Toward Human-Level Machine Intelligence
Lotfi A. Zadeh
Achievement of human-level machine intelligence has profound implications for modern society--a society which is becoming increasingly infocentric in its quest for efficiency, convenience and enhancement of quality of life.
Humans have many remarkable capabilities. Among them a capability that stands out in importance is the human ability to perform a wide variety of physical and mental tasks without any measurements and any computations, based on perceptions of distance, speed, direction, intent, likelihood and other attributes of physical and mental objects. A familiar example is driving a car in city traffic. Mechanization of this ability is a challenging objective of machine intelligence.
Science deals not with reality but with models of reality. In large measure, models of reality in scientific theories are based on classical, Aristotelian, bivalent logic. The brilliant successes of science are visible to all. But when we take a closer look, what we see is that alongside the brilliant successes there are areas where achievement of human-level machine intelligence is still a distant objective. We cannot write programs that can summarize a book. We cannot automate driving a car in heavy city traffic. And we are far from being able to construct systems which can understand natural language.

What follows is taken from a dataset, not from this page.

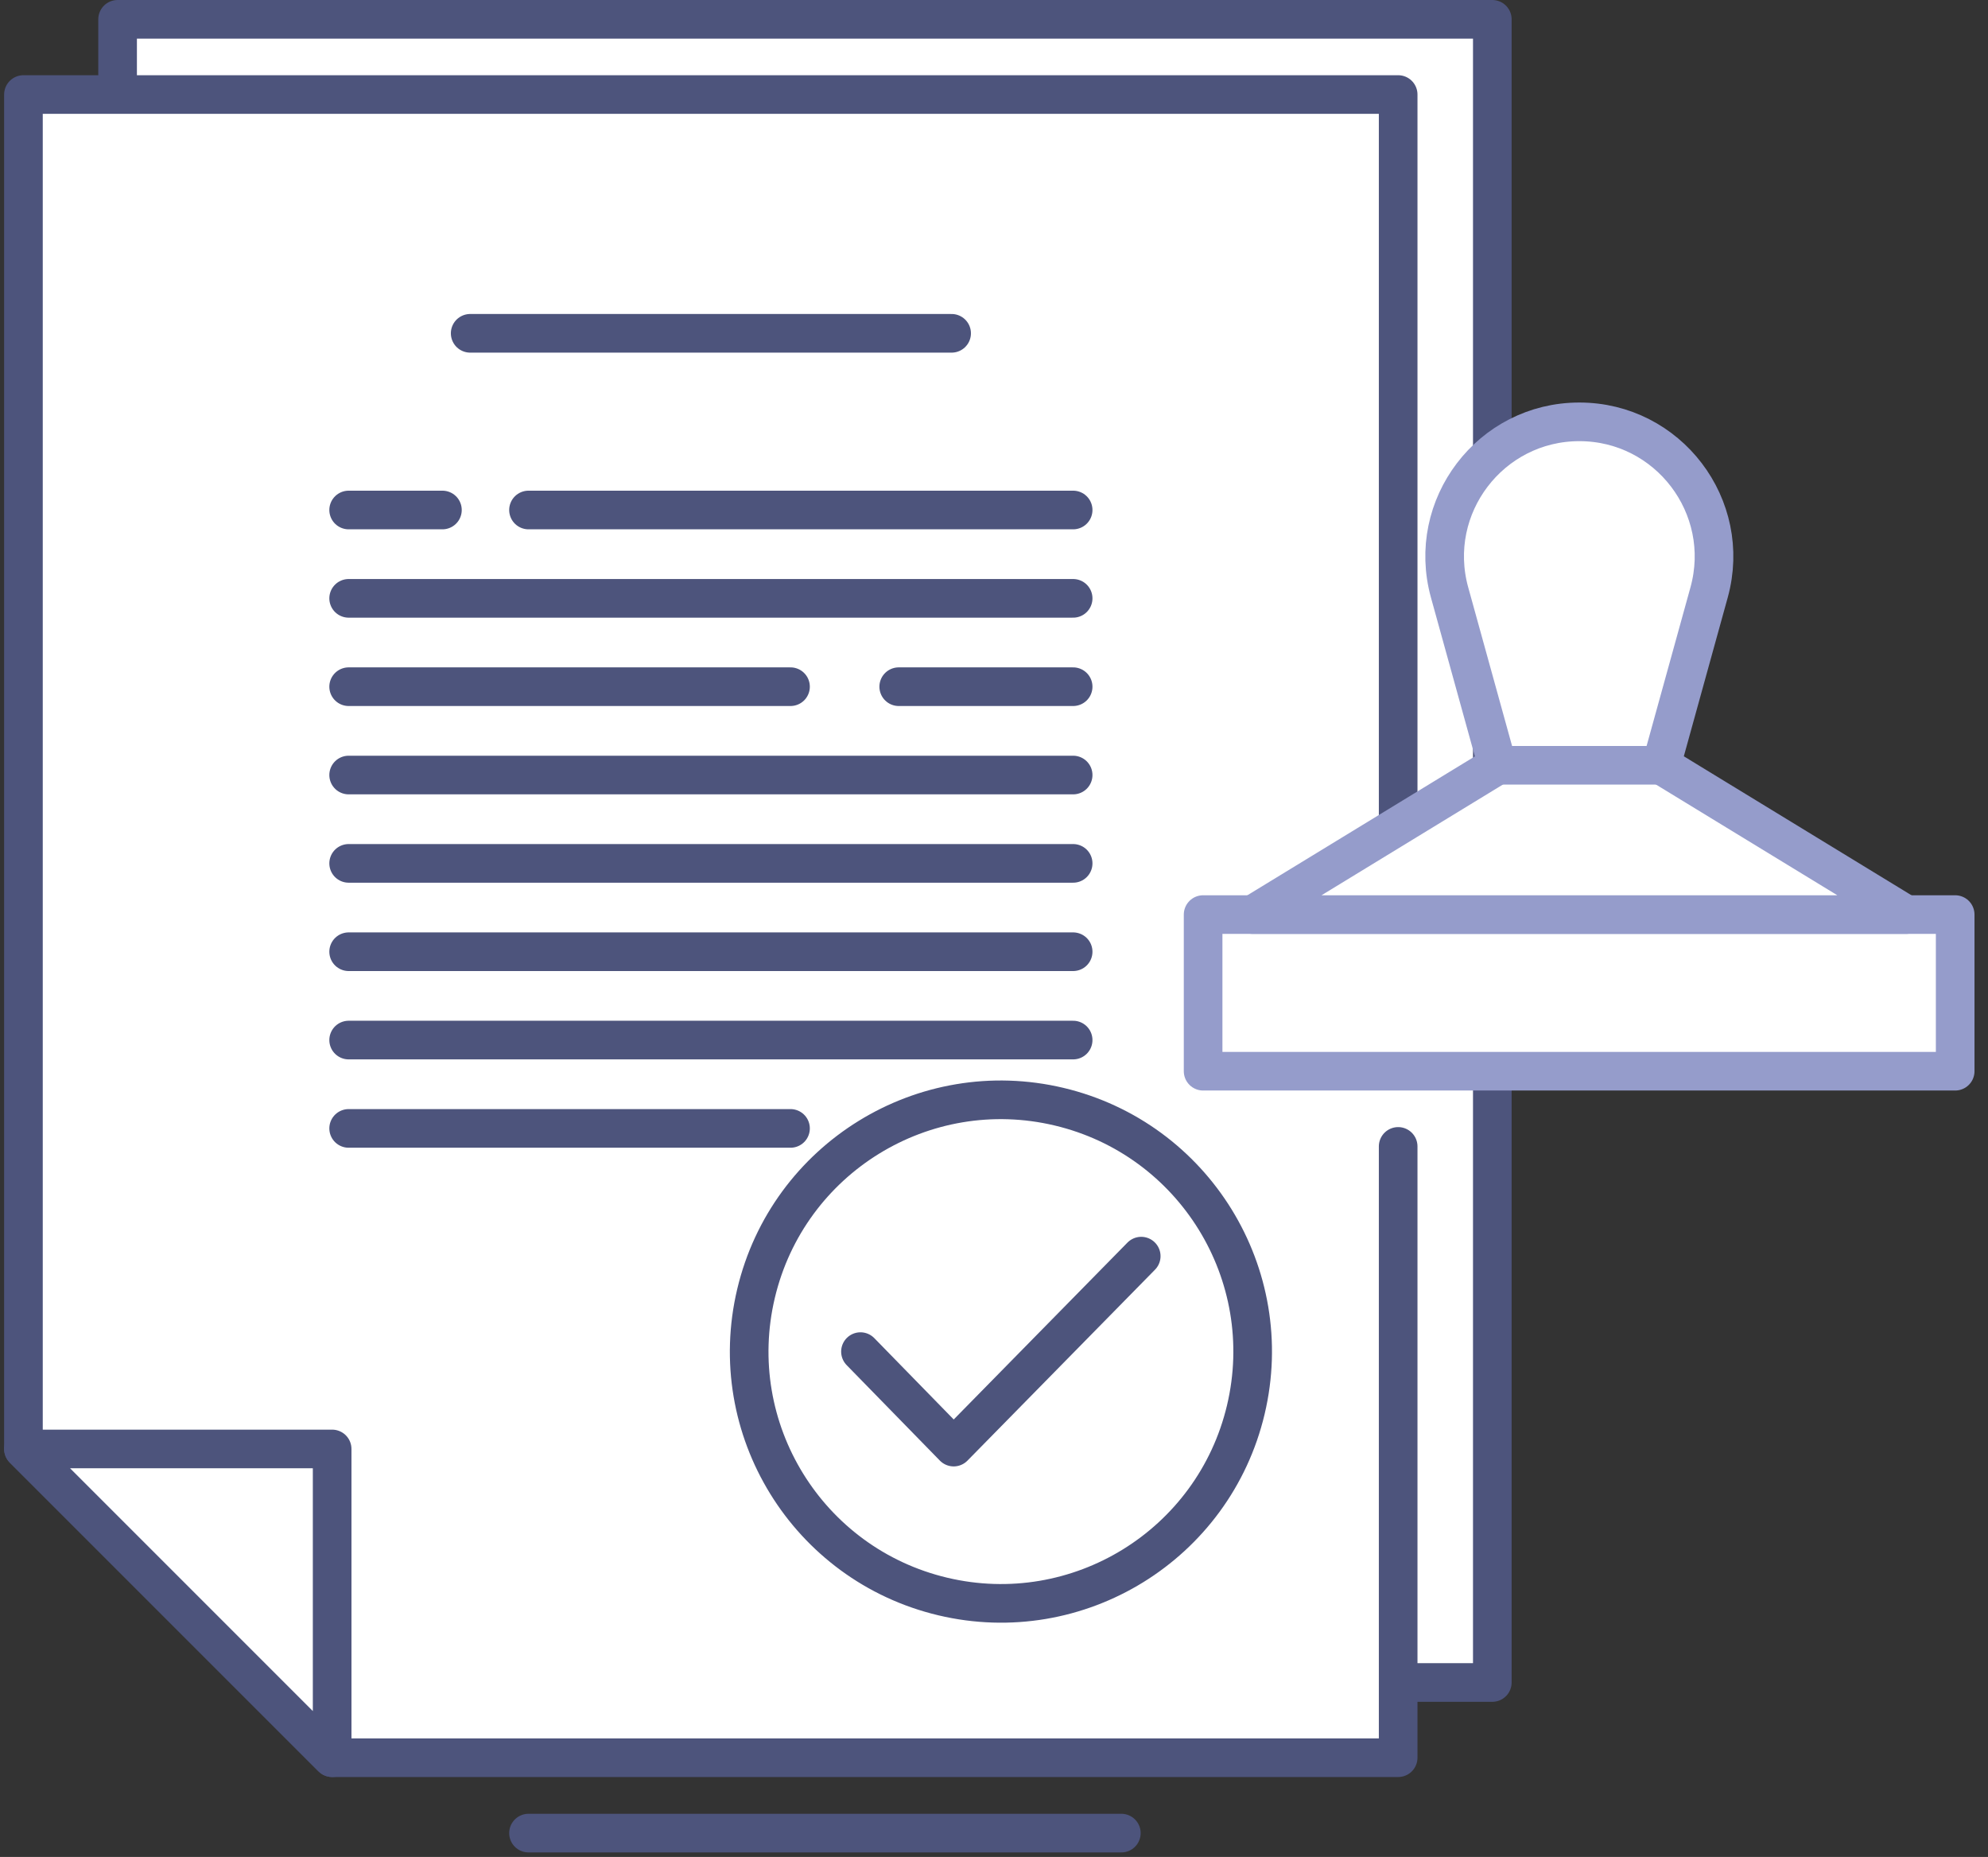 <svg xmlns="http://www.w3.org/2000/svg" width="106" height="99" viewBox="0 0 106 99" fill="none"><rect x="0" y="0" width="106" height="99" fill="#333333" stroke="none"/><g clip-path="url(#clip0_4_932)"><path d="M79.57 55.98V89.7H22.73L6.27 73.24V1.03H79.57V41.77" fill="white"></path><path d="M79.57 55.98V89.7H22.73L6.27 73.24V1.03H79.57V41.77" stroke="#4D547C" stroke-width="2.06" stroke-linecap="round" stroke-linejoin="round"></path><path d="M74.55 61.12V93.71H17.71L1.25 77.25V5.04H74.55V45.79" fill="white"></path><path d="M74.55 61.12V93.71H17.71L1.25 77.25V5.04H74.55V45.79" stroke="#4D547C" stroke-width="2.06" stroke-linecap="round" stroke-linejoin="round"></path><path d="M17.71 77.25V93.71L1.25 77.25H17.71Z" fill="white" stroke="#4D547C" stroke-width="2.06" stroke-linecap="round" stroke-linejoin="round"></path><path d="M28.18 97.73H59.79" stroke="#4D547C" stroke-width="2.06" stroke-linecap="round" stroke-linejoin="round"></path><path d="M104.25 48.76H64.15V57.11H104.25V48.76Z" fill="white" stroke="#959CCB" stroke-width="2.06" stroke-linecap="round" stroke-linejoin="round"></path><path d="M88.58 40.8L91.13 31.58C92.39 27.01 88.95 22.49 84.21 22.49C79.47 22.49 76.03 27.01 77.29 31.58L79.84 40.8L66.8 48.76H101.63L88.59 40.8H88.58Z" fill="white" stroke="#959CCB" stroke-width="2.06" stroke-linecap="round" stroke-linejoin="round"></path><path d="M79.82 40.8H88.58" stroke="#959CCB" stroke-width="2.06" stroke-linecap="round" stroke-linejoin="round"></path><path d="M25.07 17.77H50.74" stroke="#4D547C" stroke-width="2.06" stroke-linecap="round" stroke-linejoin="round"></path><path d="M28.18 27.19H57.22" stroke="#4D547C" stroke-width="2.06" stroke-linecap="round" stroke-linejoin="round"></path><path d="M18.59 27.19H23.59" stroke="#4D547C" stroke-width="2.06" stroke-linecap="round" stroke-linejoin="round"></path><path d="M18.59 31.9H57.22" stroke="#4D547C" stroke-width="2.06" stroke-linecap="round" stroke-linejoin="round"></path><path d="M47.92 36.61H57.22" stroke="#4D547C" stroke-width="2.06" stroke-linecap="round" stroke-linejoin="round"></path><path d="M18.59 36.61H42.15" stroke="#4D547C" stroke-width="2.06" stroke-linecap="round" stroke-linejoin="round"></path><path d="M18.59 41.32H57.22" stroke="#4D547C" stroke-width="2.06" stroke-linecap="round" stroke-linejoin="round"></path><path d="M18.59 46.03H57.22" stroke="#4D547C" stroke-width="2.06" stroke-linecap="round" stroke-linejoin="round"></path><path d="M18.59 50.74H57.22" stroke="#4D547C" stroke-width="2.06" stroke-linecap="round" stroke-linejoin="round"></path><path d="M18.59 55.45H57.22" stroke="#4D547C" stroke-width="2.06" stroke-linecap="round" stroke-linejoin="round"></path><path d="M18.59 60.16H42.15" stroke="#4D547C" stroke-width="2.06" stroke-linecap="round" stroke-linejoin="round"></path><path d="M66.426 75.16C68.138 67.949 63.681 60.715 56.47 59.002C49.259 57.289 42.025 61.747 40.312 68.958C38.599 76.169 43.057 83.403 50.268 85.116C57.479 86.828 64.713 82.371 66.426 75.16Z" fill="white" stroke="#4D547C" stroke-width="2.06" stroke-linecap="round" stroke-linejoin="round"></path><path d="M45.88 72.06L50.85 77.15L60.85 66.97" stroke="#4D547C" stroke-width="2.06" stroke-linecap="round" stroke-linejoin="round"></path></g><defs><clipPath id="clip0_4_932"><rect width="105.06" height="98.76" fill="white" transform="translate(0.22)"></rect></clipPath></defs></svg>

Why is the achievement of human-level machine intelligence a distant objective? What is widely unrecognized is that one of the principal reasons is the fundamental conflict between the precision of bivalent logic and imprecision of the real world.
In the world of bivalent logic, every proposition is either true or false, with no shades of truth allowed. In the real world, as perceived by humans, most propositions are true to a degree. Humans have a remarkable capability to reason and make rational decisions in an environment of imprecision, uncertainty, incompleteness of information and partiality of truth. It is this capability that is beyond the reach of bivalent logic--a logic which is intolerant of imprecision and partial truth.
A much better fit to the real world is fuzzy logic. In fuzzy logic, everything is or is allowed to be graduated, that is, be a matter of degree or, equivalently, fuzzy. Furthermore, in fuzzy logic everything is or is allowed to be granulated, with a granule being a clump of elements drawn together by indistinguishability, similarity, proximity or functionality. Graduation and granulation play key roles in the ways in which humans deal with complexity and imprecision. In this connection, it should be noted that, in large measure, fuzzy logic is inspired by the ways in which humans deal with complexity, imprecision and partiality of truth. It is in this sense that fuzzy logic is human-centric.
In coming years, fuzzy logic and fuzzy-logic-based methods are likely to play increasingly important roles in achievement of human-level machine intelligence. In addition, soft computing is certain to grow in visibility and importance. Basically, soft computing is a coalition of methodologies which in one way or another are directed at the development of better models of reality, human reasoning, risk assessment and decision making. This is the primary motivation for soft computing--a coalition of fuzzy logic, neurocomputing, evolutionary computing, probabilistic computing and machine learning. The guiding principle of soft computing is that, in general, better results can be achieved through the use of constituent methodologies of soft computing in combination rather than in a stand-alone mode.